Ke-Medan-an Sjahrir dan Chairil yang cenderung blakblakan dan ceplas-ceplos dengan tingkat kepercayaan tinggi memberikan keleluasaan keduanya membangun narasi yang kuat berpijak pada literatur yang terpercaya. Keduanya juga kutu buku. Bahkan demi memenuhi hausnya membaca, Chairil pernah mencuri buku di Pasar Senen Batavia toko buku milik Belanda.  Dalam konteks Bali, Chairil Anwar adalah maling maguna. Yang membedakan keduanya adalah jalan perjuangan yang ditempuh. Yang satu melalui jalur birokrasi yang ketat menjaga marwah kepemimpinan dengan puncak jabatan sebagai Perdana Menteri, yang satunya bohemian urakan yang memungut kata-kata kasar dan tajam untuk membingkai puisinya. Dari kata-kata paling sarkas hingga kata-kata paling humanis, ia berpuisi. Semangat zaman pun terpotret melalui puisinya. Bahkan kata-kata dalam puisinya menyejarah dan sering dikutip : Aku ingin hidup seribu tahun lagi, hidup hanya menunda kekalahan, sebelum pada akhirnya menyerah, sekali berarti setelah itu mati, dan sejumlah kata-kata bertuah penyemangat dan motivasi.

Keliteratan keduanya berhasil menaklukkan kata-kata untuk memperjuangkan nama Indonesia di kancah pergaulan bangsa-bangsa yang beradab. Bagi, Chairil, pena adalah senjata. Kata-kata adalah pelor yang ditembakkan untuk menjinakkan lawan di tengah situasi yang gamang sesaat Proklamasi dibacakan Bung Karno didampingi Bung Hatta.

Dalam puisinya berjudul, “Karawang Bekasi” Chairil menulis bait-bait yang bukan fiktif tetapi fakta hasil pergumulannya dengan lingkar kekuasaan.

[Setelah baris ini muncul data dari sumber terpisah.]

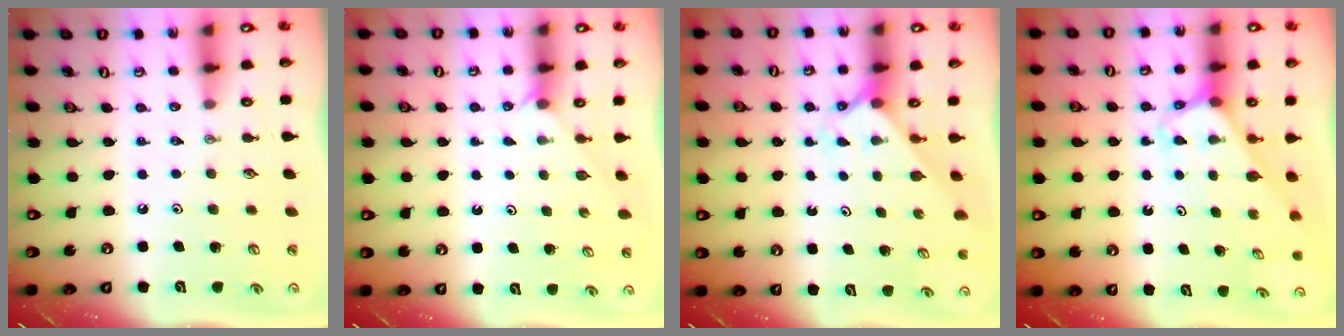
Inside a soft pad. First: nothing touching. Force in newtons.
{"total": 1.5, "press": 1.5, "slide": 0.3}
{"total": 2.1, "press": 2.1, "slide": 0.3}
{"total": 3.0, "press": 3.0, "slide": 0.2}

Mengabadikan tokoh sejarah bangsa dalam puisi, seperti mematri namanya dalam prasasti :

Menjaga Bung Karno
Menjaga Bung Hatta
Menjaga Bung Sjahrir

Apa makna puisi-puisi kebangsaan Chairil  bagi kehidupan berbangsa dan bernegara. 

Pertama, keleluasaan Chairil berada di lingkar satu Sjahrir yang Perdana Menteri pertama RI, memungkinkannya mendapatkan saripati kata bertuah termasuk nuansa emosi yang menyertainya. Diskusi dan perdebatan antara Soekarno, Hatta, dan Sjahrir tampaknya juga mengilhami puisi-puisi Chairil. Namun di ujungnya, semua dicatat dan ditulis dengan indah. Semua diberi tempat dan ruang. Tiada ada yang ditinggal, yang bajik dan yang batil. Yang halus dan yang kasar. Namun, tidak mungkin semua peristiwa di lingkar kekuasaan itu dapat dinyatakan dalam puisi dengan kata-kata terbatas. Paling tidak, puisi-puisi Chairil Anwar cukup memadai untuk menjadi pendamping bacaan sejarah. Oleh karena itu, guru Sejarah pun perlu mengapresiasi karya sastra termasuk puisi. Pendekatan interdisipliner antar mata pelajaran adalah hal yang diseyogyakan. Tidak zamannya lagi untuk menunjukkan egosektoral dalam bidang keilmuan karena pada hakikatnya semua cabang ilmu yang terpilah-pilah menjadi mata pelajaran itu beribukan satu : Filsafat.  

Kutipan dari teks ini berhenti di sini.